Most aspects of diet and foraging behaviour probably very similar to those of the formerly conspecific H. cantator (which see). Diet not well known, but young at a nest in SE Peru were provisioned with butterflies, crickets, caterpillars, beetles and spiders. In SE Peru, both live leaves and bamboo leaves are the most frequently used substrates for foraging in both river-edge and transitional forests, but suspended dead leaves are investigated much more frequently in the former type, with 20% of all observed foraging manoeuvres targeted at dead leaves (versus < 10% in transitional forest) and mean foraging height above ground tends to be marginally lower (3·5 m, versus 4·1 m in transitional forest); another study from same region classified the species as an “occasional user” of dead leaves.

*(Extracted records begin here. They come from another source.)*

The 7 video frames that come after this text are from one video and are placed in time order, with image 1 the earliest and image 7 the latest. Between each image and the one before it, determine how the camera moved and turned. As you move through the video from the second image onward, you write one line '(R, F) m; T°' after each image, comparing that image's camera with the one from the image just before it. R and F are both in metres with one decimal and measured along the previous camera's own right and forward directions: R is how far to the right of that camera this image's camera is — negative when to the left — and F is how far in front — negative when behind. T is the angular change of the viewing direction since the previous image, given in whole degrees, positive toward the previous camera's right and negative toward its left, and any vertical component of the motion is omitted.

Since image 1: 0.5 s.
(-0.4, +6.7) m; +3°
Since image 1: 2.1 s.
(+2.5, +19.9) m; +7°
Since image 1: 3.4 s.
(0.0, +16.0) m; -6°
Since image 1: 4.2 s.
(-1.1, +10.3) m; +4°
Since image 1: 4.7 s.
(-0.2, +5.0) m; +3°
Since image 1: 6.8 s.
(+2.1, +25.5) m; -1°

For general characteristics of male and female loudsongs, plus calls, see relevant section of account for H. cantator. Decelerating loudsong generally very similar to, if not indistinguishable from, that of H. peruviana, e.g. “chee-cher-CHEER-cheer-cher-chrrr”, although it has been suggested that, on average, it has more noticeable inter-note intervals and often lacks the harsh terminal notes of the other species; on average, that of male is also characterised in being very marginally longer with more notes and faster overall pace. Calls include a low-pitched series of two (rarely three) broad-band raspy notes, “hrjzz hrjzzesh”, quite like “chirr” calls of other species in the complex, but always given in pairs or triplets (“chirr” calls delivered more erratically) and of longer duration, with level of frequency either even or drifting upwards (“chirr” calls usually drift down). Like other closely related taxa, both sexes also give “chit” calls, at least in race collinsi always clear notes with an apparent harmonic, thus quite different from those of other members of the H. cantator species group. Both sexes sing and call consistently year-round, with higher rates of singing in males than females, peak loudsongs around dawn and calls peaking later in the morning.

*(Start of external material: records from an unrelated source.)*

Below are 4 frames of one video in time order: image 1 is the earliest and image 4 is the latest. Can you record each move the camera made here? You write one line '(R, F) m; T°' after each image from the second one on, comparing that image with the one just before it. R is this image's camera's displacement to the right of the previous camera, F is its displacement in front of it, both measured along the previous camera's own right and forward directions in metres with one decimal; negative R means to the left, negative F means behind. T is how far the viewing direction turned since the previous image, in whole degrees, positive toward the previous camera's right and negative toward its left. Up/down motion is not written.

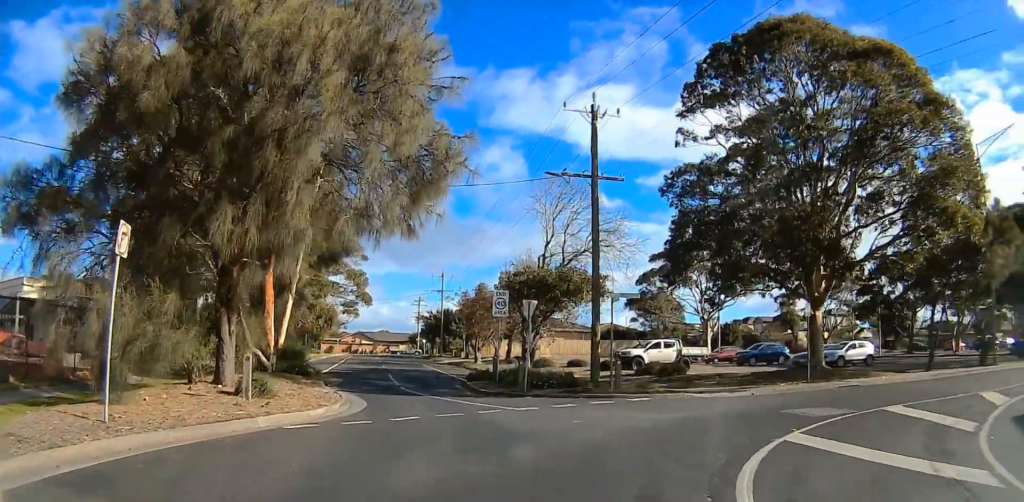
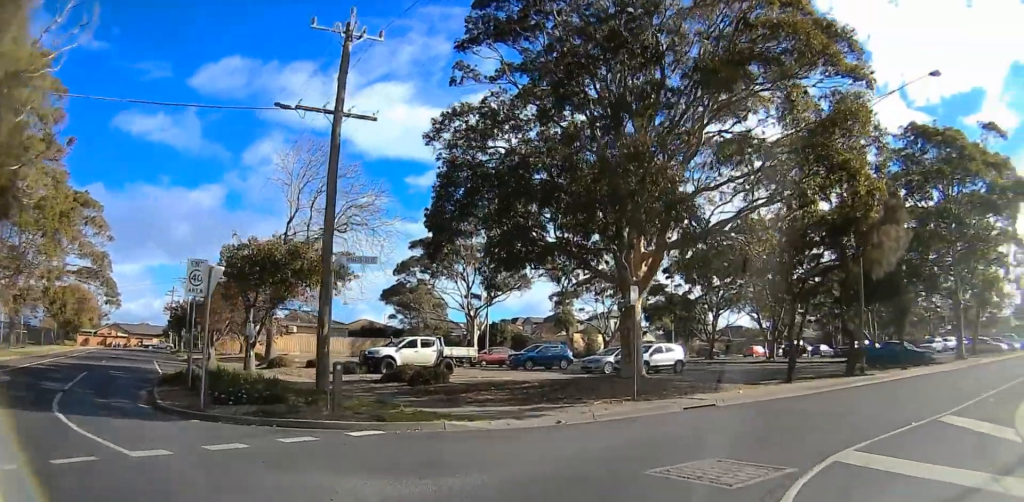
(+0.8, +7.5) m; +6°
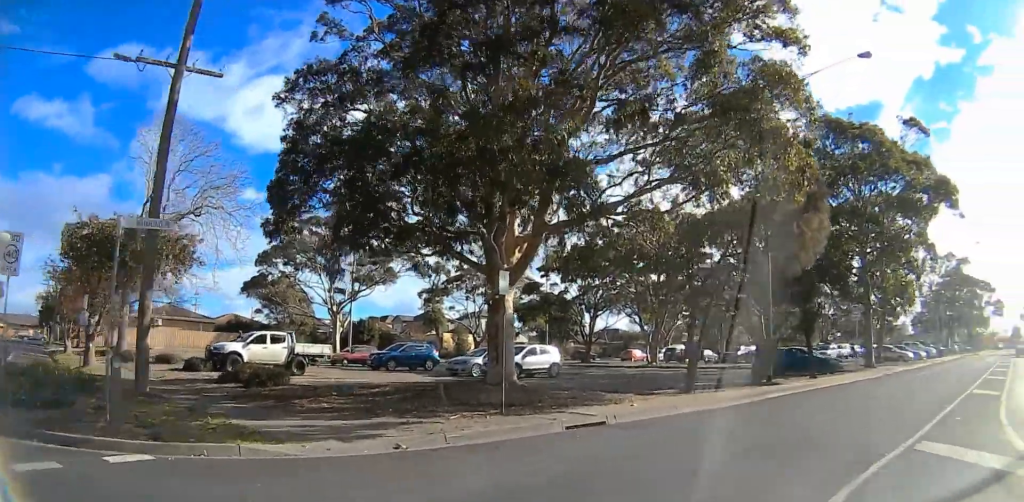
(0.0, +3.0) m; 0°
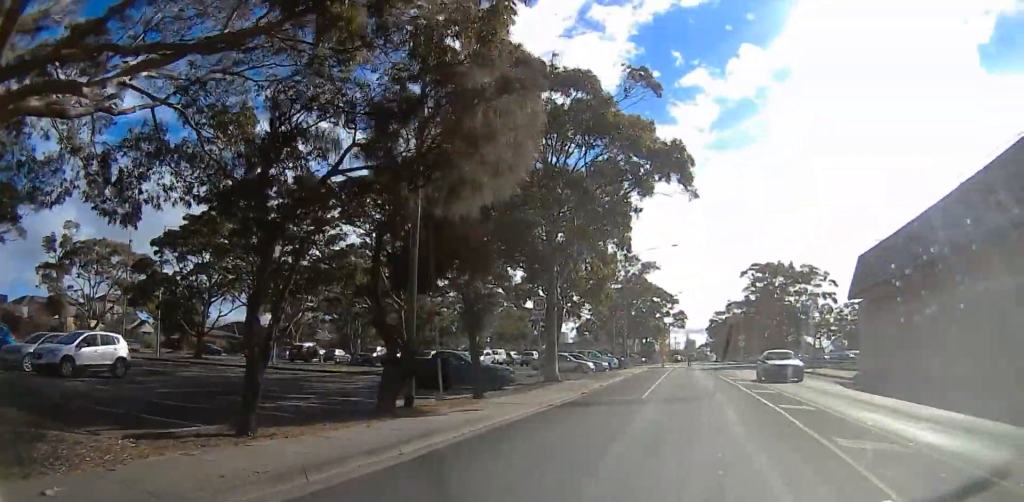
(0.0, +9.4) m; +32°

Eight nests have been found, all in SE Peru (Cuzco and Madre de Dios) in Aug–Dec, differing in shape from those of H. cantator and H. peruviana, being deep pouch-shaped cups with mean outer dimensions of c. 78 mm by 74 mm and 89 mm high and the cup measured c. 53 mm wide by 52 mm deep, woven with dead palm fronds, bamboo (Guadua) leaves (in one nest), dead leaves and green moss, with lining of dry grass fibres and dark rootlets, placed 0·3–1·8 m above ground in dense understorey vegetation of ferns and shrubs, usually near streams, being specifically attached to branch forks of seedlings. However, a the one nest of race collinsi was described as cup-shaped, 10 cm in diameter, 10 cm deep, woven with dead palm fronds, dead leaves and green moss, and placed 25 cm above ground. Clutch two white eggs with highly variable brownish-red (race collinsi) or maroon (nominate) specks and streaks, the second laid two days after first, mean size 20·2 mm × 14·2 mm, mass 2·1 g; incubated by both adults in comparatively long stints of on average c. 1·5 hours (longest session 480 minutes by day, but female might incubate for up to 16 hours during afternoon and night), but overall period unknown. Young hatch naked with pinkish skin, yellow gape and feet, weight on day two 2·3 g and fledge after 11 days (at one nest) at mass 11·8 g, being provisioned and brooded by both adults during nestling period, with rates of feeding increasing, from c. 2 times per hour during first three days, to almost five times per hour on days 4–5 and to more than seven times per hour in final stages. Of seven nests with known outcomes, six failed, all as a result of predation. Lifespan unknown, but one adult male retrapped five years after first being caught, still on same territory.

Not globally threatened (Least Concern). Fairly common to common throughout most of its extensive range, e.g. in E Acre (Brazil), where it was only recently (since 1997) discovered and where it appears to replace H. hypoxantha geographically, with the latter being apparently restricted to W Acre. Known from a number of protected areas including Madidi National Park, in Bolivia, the Reserva Extrativista Chico Mendes and Catuaba Reserve, in Brazil, and Manu Biosphere Reserve and Tambopata-Candamo Reserved Zone, in Peru.